Re: Dynamic mutidimensional arrays

Hi Michael

On Wed, 5 Apr 2023 at 16:08, Michael Riedl wrote:

thanks for the detailed answer - but it still does not become clear to me.

How would I (without and "surrounding") do a simple

val := A[i,k] * B[k,j];

In classic Modula-2 (both PIM and ISO) there is only one way to allocate a block of memory whose size is not known at compile time and then use array subscript notation on that block of memory, and this one way is to type cast the memory block to an array type of the specific size that the memory block was allocated with at runtime.

This is less messy than the address arithmetic I mentioned earlier, and it also significantly reduces the opportunity for error, but it is nevertheless cumbersome.
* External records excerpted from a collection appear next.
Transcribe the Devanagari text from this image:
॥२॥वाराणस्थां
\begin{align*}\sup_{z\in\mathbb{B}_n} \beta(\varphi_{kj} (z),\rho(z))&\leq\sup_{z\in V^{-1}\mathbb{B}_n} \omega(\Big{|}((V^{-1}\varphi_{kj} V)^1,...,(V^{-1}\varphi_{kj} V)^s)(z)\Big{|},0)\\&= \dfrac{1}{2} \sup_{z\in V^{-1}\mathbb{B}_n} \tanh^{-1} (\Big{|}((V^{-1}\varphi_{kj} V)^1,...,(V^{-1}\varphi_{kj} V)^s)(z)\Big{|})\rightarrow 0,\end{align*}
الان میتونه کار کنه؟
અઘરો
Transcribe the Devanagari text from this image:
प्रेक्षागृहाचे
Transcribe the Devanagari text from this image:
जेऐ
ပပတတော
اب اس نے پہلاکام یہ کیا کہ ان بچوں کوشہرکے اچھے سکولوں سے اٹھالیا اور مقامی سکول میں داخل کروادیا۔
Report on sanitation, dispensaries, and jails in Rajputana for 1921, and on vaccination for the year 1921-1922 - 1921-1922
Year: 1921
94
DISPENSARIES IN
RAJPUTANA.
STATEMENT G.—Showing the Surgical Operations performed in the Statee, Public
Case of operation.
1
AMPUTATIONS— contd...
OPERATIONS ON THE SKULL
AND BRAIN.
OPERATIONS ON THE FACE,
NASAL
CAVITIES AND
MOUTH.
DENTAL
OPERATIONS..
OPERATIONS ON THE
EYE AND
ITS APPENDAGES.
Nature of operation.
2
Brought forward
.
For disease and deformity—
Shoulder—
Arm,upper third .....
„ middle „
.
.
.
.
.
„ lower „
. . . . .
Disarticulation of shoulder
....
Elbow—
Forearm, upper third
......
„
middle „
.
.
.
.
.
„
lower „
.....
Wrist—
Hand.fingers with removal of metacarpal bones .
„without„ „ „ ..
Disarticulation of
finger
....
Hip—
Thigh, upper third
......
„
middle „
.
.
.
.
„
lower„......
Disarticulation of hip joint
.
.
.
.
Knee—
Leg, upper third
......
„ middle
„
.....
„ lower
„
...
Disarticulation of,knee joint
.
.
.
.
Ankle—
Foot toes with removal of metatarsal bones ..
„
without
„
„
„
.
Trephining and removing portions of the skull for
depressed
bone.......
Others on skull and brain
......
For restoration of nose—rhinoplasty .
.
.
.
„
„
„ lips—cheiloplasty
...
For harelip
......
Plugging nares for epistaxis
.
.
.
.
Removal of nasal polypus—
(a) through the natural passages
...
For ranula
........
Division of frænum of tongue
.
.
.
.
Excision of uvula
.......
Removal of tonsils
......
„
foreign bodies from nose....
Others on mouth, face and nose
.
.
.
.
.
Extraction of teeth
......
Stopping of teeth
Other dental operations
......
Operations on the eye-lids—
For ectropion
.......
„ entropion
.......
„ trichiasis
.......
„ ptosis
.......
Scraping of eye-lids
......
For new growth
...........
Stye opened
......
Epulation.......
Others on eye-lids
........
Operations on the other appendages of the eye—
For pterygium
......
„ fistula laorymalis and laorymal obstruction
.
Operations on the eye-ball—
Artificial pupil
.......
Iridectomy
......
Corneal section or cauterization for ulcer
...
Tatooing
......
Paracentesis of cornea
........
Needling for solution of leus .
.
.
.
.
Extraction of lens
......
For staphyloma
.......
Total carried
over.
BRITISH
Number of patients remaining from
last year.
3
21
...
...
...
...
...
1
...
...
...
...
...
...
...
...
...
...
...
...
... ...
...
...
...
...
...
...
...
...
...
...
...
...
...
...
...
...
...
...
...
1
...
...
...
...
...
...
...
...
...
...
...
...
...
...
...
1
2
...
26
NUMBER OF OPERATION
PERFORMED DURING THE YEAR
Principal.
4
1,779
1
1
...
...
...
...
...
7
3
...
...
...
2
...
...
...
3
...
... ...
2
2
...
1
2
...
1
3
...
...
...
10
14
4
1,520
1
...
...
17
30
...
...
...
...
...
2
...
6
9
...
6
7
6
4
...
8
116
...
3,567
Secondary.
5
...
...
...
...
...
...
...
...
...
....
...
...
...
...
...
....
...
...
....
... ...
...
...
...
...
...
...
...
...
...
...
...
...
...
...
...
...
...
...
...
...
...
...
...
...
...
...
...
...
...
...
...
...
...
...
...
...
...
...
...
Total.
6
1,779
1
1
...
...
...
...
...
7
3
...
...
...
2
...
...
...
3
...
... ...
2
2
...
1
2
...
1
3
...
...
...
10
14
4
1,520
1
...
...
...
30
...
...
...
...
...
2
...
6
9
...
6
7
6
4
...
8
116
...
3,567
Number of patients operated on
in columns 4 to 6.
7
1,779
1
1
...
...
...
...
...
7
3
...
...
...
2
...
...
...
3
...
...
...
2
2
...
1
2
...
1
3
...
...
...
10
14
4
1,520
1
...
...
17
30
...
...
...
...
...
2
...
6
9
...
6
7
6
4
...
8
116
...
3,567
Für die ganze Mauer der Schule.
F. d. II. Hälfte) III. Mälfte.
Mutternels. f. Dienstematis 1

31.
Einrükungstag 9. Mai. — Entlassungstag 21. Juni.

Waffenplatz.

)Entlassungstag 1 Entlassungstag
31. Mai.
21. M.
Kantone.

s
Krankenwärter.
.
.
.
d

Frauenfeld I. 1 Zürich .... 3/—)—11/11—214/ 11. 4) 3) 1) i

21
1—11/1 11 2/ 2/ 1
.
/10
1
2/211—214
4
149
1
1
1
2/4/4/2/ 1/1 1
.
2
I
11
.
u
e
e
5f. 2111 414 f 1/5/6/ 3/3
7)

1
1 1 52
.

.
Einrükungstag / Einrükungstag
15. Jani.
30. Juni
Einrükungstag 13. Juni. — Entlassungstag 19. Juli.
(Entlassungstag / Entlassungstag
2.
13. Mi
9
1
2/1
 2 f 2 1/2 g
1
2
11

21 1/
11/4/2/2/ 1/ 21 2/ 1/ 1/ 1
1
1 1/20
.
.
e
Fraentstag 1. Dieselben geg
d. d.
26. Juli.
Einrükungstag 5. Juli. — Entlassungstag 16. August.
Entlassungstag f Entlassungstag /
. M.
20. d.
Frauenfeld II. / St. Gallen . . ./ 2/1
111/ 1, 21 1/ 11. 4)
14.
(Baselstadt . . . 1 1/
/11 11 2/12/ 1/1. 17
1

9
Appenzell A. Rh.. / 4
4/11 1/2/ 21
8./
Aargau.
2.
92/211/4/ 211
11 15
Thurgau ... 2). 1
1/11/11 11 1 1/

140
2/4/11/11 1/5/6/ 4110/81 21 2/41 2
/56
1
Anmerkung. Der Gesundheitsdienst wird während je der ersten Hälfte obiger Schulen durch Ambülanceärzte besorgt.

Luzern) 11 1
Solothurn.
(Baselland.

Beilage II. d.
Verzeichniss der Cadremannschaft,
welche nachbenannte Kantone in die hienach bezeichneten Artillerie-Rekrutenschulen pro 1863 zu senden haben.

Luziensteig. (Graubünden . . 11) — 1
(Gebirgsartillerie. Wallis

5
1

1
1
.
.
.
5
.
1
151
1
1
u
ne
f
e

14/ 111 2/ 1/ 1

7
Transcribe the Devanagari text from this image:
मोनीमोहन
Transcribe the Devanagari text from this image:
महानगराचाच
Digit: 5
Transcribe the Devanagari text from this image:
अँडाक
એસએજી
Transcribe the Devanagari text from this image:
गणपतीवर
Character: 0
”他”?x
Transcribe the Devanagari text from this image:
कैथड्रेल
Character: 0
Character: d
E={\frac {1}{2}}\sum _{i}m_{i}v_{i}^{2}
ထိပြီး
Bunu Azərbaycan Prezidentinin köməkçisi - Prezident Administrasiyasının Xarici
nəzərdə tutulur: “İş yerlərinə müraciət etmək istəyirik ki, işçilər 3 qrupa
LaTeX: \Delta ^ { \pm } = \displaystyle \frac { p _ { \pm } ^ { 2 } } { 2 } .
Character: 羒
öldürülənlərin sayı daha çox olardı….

I did this in an implementation of interned dynamic strings for our bootstrap compiler.

https://github.com/m2sf/m2bsk/blob/master/src/lib/String.def

https://github.com/m2sf/m2bsk/blob/master/src/lib/imp/String.pim.mod

https://github.com/m2sf/m2bsk/blob/master/src/lib/imp/String.iso.mod

The implementation of the dynamic string type is based on a variant record with a length field and the variant payload. In this particular case we need strings with a maximum length of 4096 characters because that is the maximum length of a string literal supported by the compiler.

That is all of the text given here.